My exploratory testing training course includes a section on URL testing, and I include it to some extent in every project. Sorry, this is going to be another long post.
I find that most testers just think of a URL as being a single thing, but it is actually made up of many parts that must be considered separately:
- The protocol. It’s usually https these days, so you may want to see what happens if you change it to http or ftp.
- Subdomains. There may be none, one or many.
- Domain name. There’s not usually much point changing this because you will just get a different website or a 404 error.
- Top-level domain. Again, there’s not much point changing this.
- Folders. There may be none, one or many.
- File name.
- File extension.
- Parameters.
- Fragment identifier. This is not likely to be interesting, but you never know.
You can modify all the different parts of the URL and see what happens. Try changing the capitalisation - this should have no effect on Windows servers, but it may do on Unix and Linux servers. On at least one occasion I found different versions of a page that could be accessed by changing the capitalisation of the filename.
Introducing errors
If a URL is incorrect, novice testers might expect to get a 404 error regardless of which part of the URL is incorrect. However, it’s not unusual to get different types of error, one being the custom 404 page and the others being unhandled error conditions.
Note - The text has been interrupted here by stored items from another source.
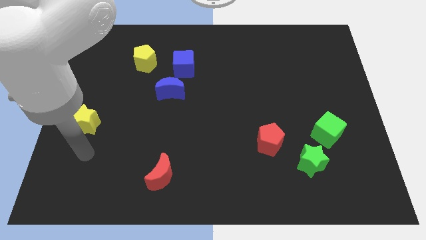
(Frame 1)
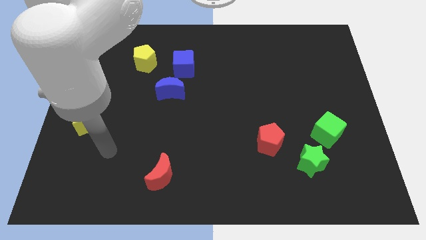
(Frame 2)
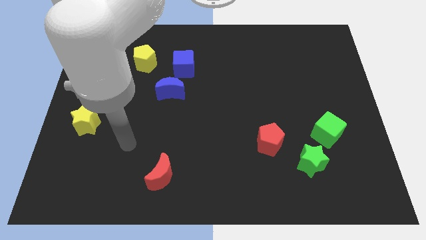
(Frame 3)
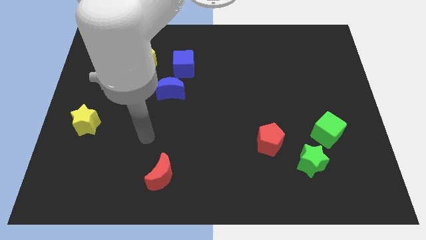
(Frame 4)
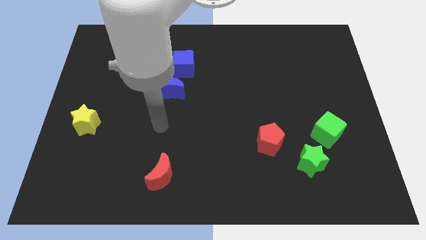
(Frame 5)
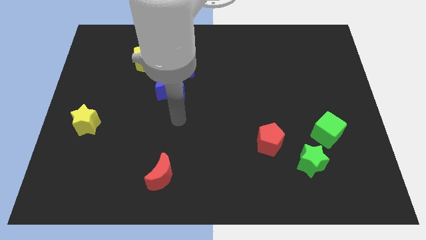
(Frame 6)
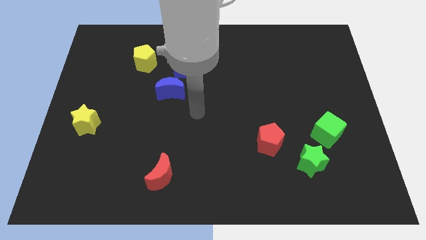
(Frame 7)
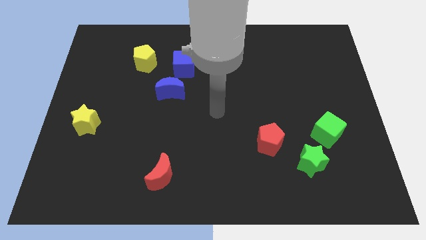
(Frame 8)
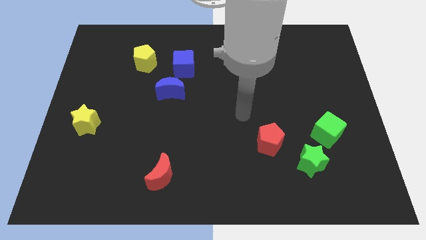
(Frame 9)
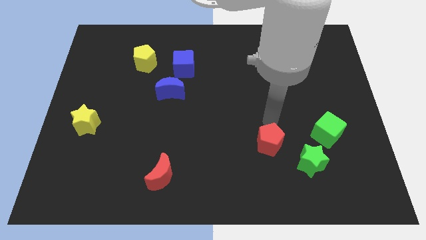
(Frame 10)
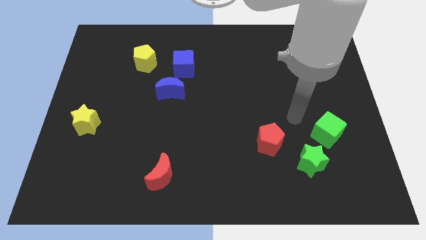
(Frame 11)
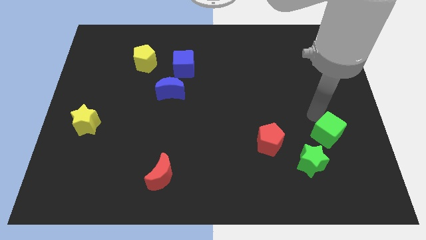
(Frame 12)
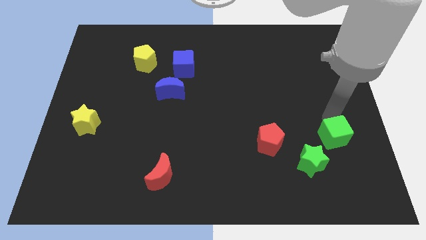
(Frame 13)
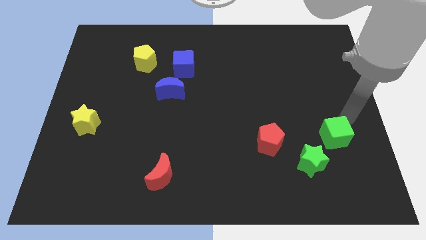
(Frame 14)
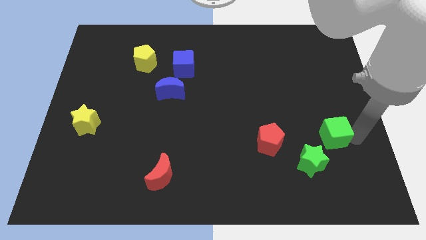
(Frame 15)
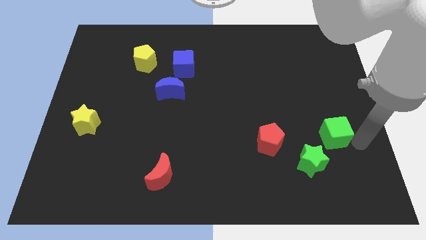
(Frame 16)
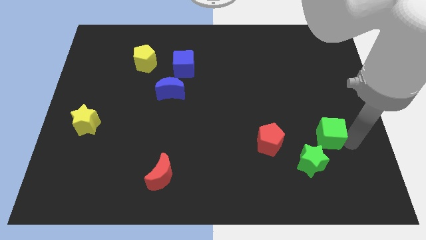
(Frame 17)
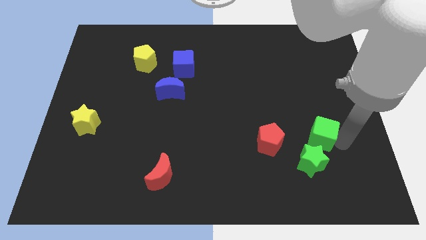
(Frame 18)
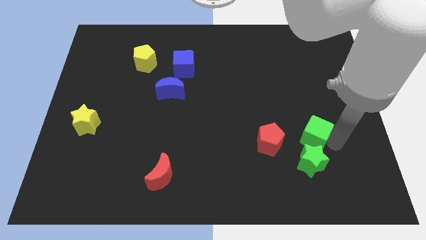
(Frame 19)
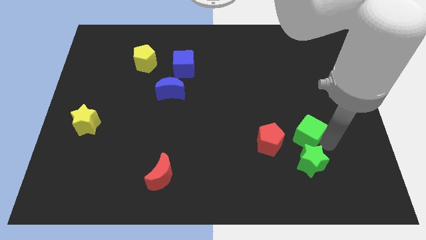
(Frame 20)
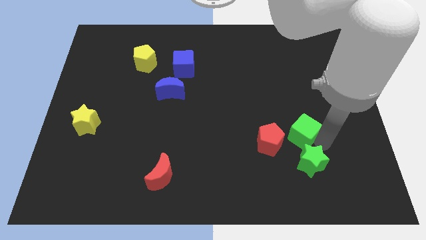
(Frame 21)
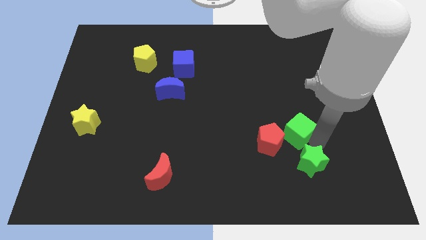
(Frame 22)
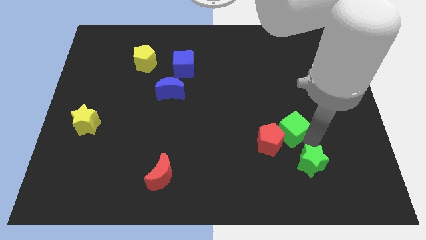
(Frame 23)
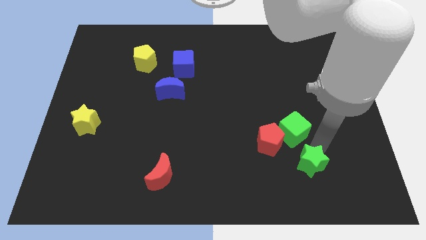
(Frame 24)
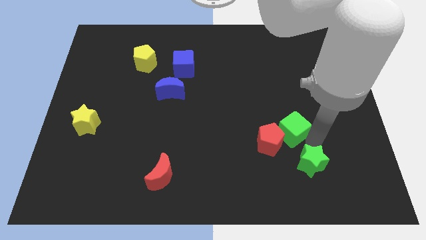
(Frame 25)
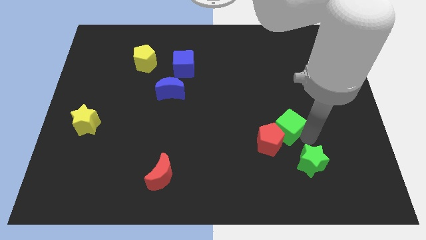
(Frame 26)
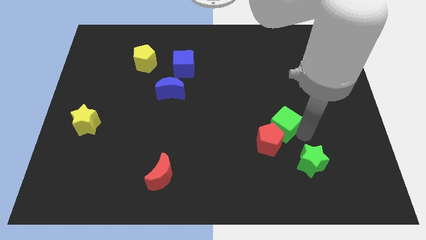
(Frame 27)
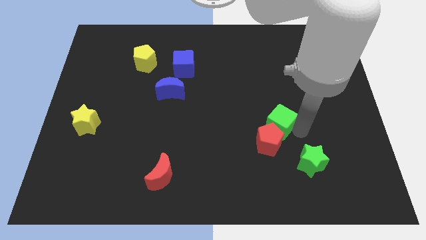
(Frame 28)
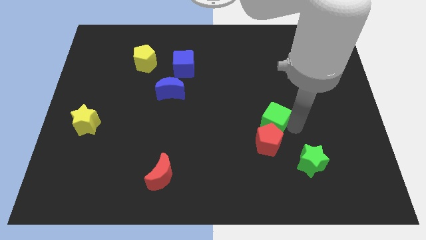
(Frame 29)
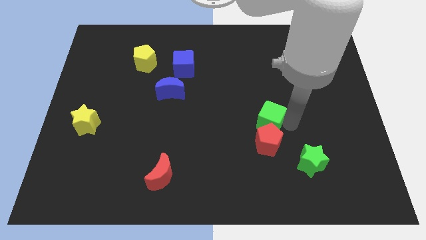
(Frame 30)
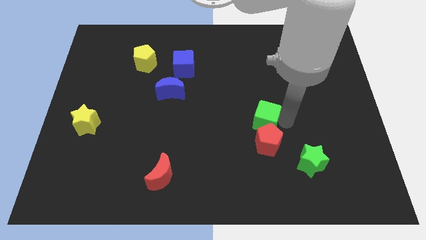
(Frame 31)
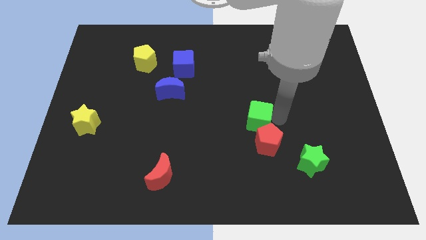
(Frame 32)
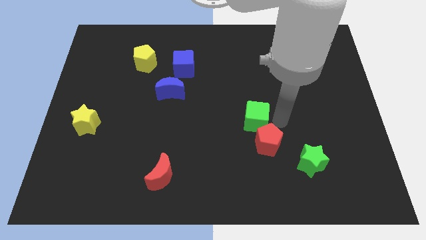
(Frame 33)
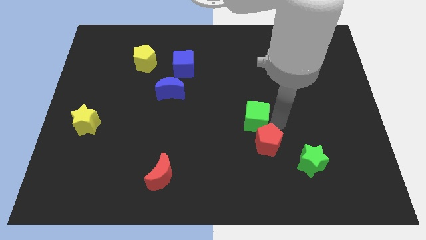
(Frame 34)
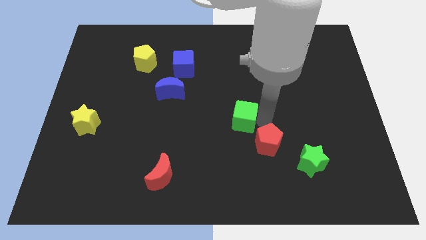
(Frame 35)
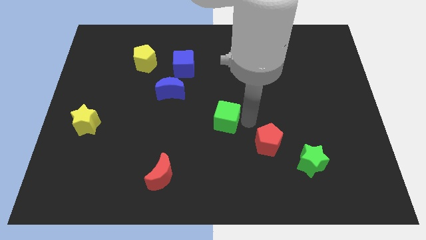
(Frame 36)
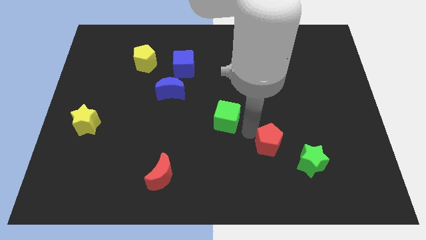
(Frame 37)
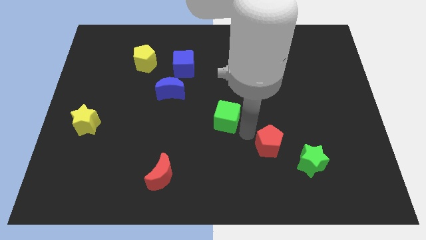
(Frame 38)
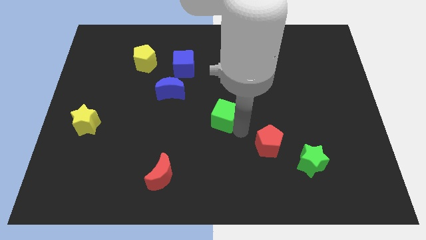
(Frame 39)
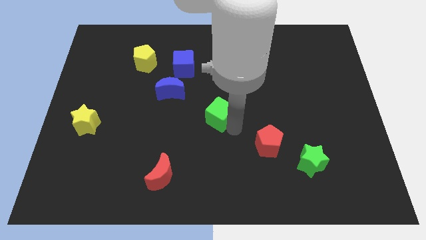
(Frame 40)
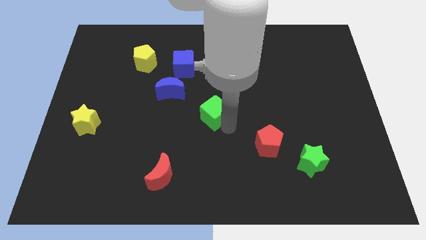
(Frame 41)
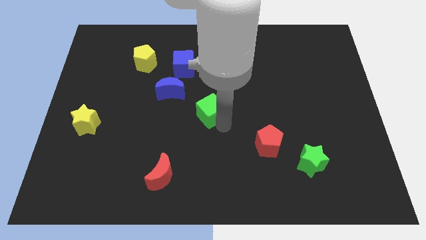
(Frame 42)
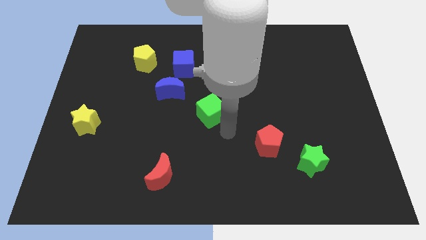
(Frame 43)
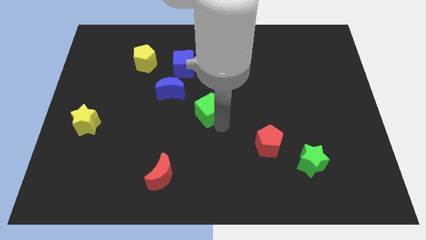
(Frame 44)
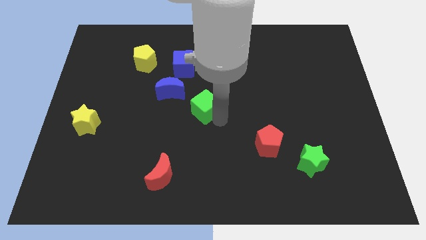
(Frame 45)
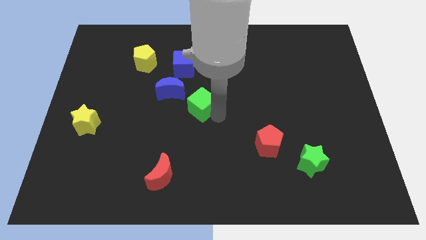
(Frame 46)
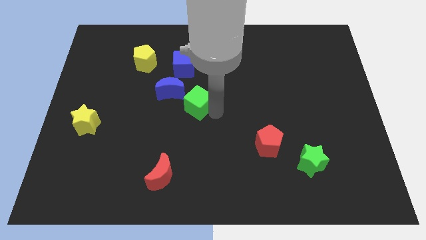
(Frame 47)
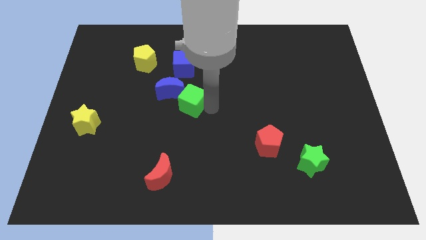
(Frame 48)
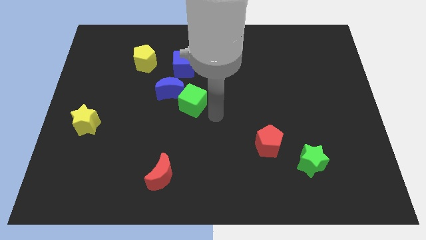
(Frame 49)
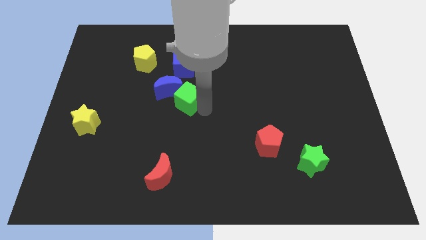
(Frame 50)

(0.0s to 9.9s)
put the green cube next to the blue moon

On one project, errors could be introduced into one URL that resulted in six different error conditions, only one of which was handled correctly. The unhandled errors leaked a huge amount of information that may be useful to an attacker. We even got different errors depending on whether there was a typo in the first or second folder name.
Accessing prohibited content
Every webserver should be configured to prohibit domain traversal, i.e. viewing the contents of a folder, but some still are not. If you can do this, you can often get at lots of other interesting files and folders that cannot usually be accessed via the website.
On one project, domain traversal revealed that there were three different versions of the website we had been engaged to test. Most of the content was the same, but the pricing was different. Apparently, the website owner offered preferential pricing to certain organisations or sectors, but did not want other clients to know. In one of the folders, we found the notes from our client’s internal sales meetings, which were “interesting”.
Accessing unpublished content
When you use a website mapping tool such as Xenu’s Link Sleuth to find all the URLs on a website, it’s common for it to find URLs ending in /node/[unique integer]. These URLs are used internally by CMSs but they can leak into the front-end code, usually in tags such as <meta rel=“next”> in the <head>.
The integers are almost always consecutive, so it is trivially easy to view every page that has been created, including those that have not yet been published. Just look for URLs containing the integers your mapping tool didn’t find.
On another occasion, I was thinking of signing-up for a very expensive training course that was due to launch in a month’s time. While using domain traversal to poke around the company’s website, I found a folder containing all the course material, which had not yet been published and which I had not paid for.
Editing parameters
This technique is as old as the web - James Whittaker described it in one of his books more than 20 years ago. In his case he was able to change the price for something he was buying because it appeared in the URL. This is rarely possible now, but you can often change other parameters.
One of my favourites is to change the number of results per page on search results pages. On one occasion I crashed the webserver by requesting a page containing 100,000 results. The webserver should be checking that the parameter value matches one of the options that is available for users to select, but they often don’t.
I have even been able to guess parameters that might be supported, although this is rarely successful because you need to guess both the parameter name and a permissible value. I don’t think I have managed to compromise a system this way, but I have found useful functionality, such as adding the sort order to search results pages that don’t have that option. This is a reminder that code libraries often contain functions that the website is not using.
API testing
This is a whole separate topic that I don’t have time to go into, other than to say that I use cURL to do things that you might not be able to do with more advanced tools like Postman. An example would be introducing syntax errors - one of the advantages of the advanced tools is that they ensure the syntax is correct, at least they did when I last used them. But it’s important to test incorrect syntax - maybe those tools can do that now.